> **Task item**
Search the records for the string "Pulmonary" and copy every line where it turns up.

> **Entries supplied**
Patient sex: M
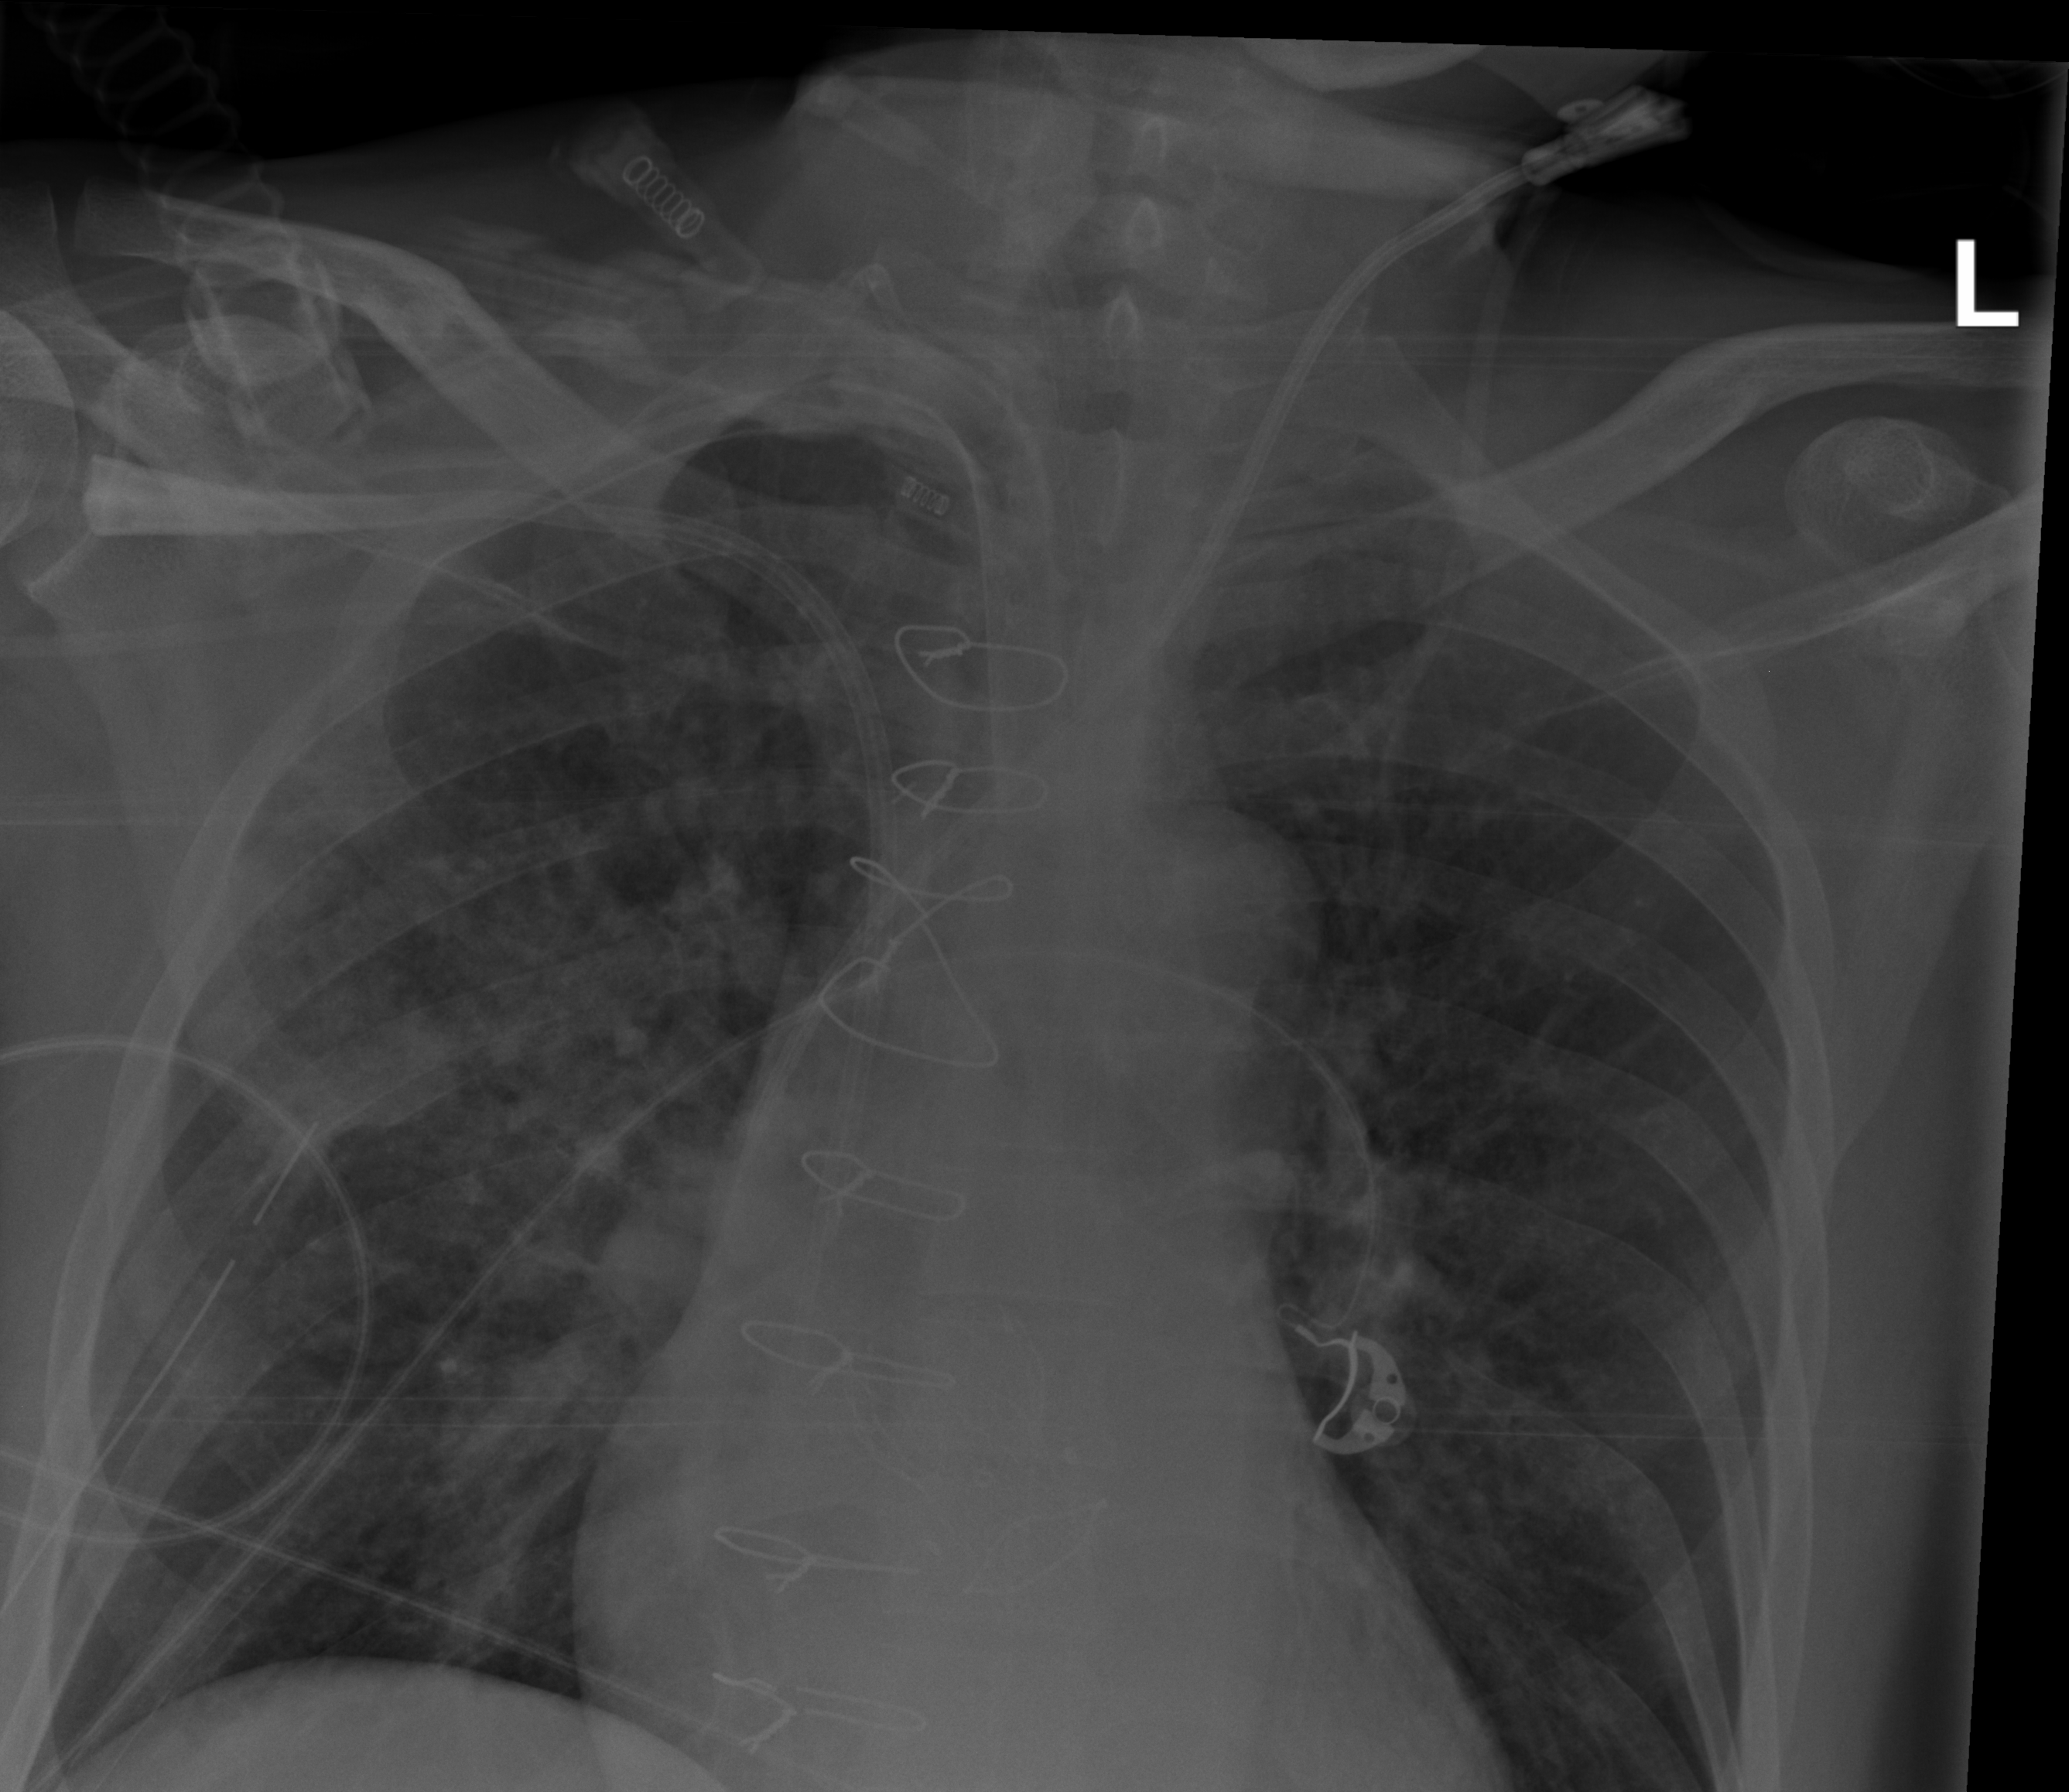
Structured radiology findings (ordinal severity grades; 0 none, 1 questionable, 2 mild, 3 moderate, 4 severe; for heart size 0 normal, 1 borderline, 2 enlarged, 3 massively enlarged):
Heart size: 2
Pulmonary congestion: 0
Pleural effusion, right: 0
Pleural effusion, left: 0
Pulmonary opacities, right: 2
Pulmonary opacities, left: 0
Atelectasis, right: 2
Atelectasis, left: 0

* * *

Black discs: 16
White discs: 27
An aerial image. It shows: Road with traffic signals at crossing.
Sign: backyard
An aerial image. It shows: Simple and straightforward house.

> **Your solution**
Pulmonary congestion: 0
Pulmonary opacities, right: 2
Pulmonary opacities, left: 0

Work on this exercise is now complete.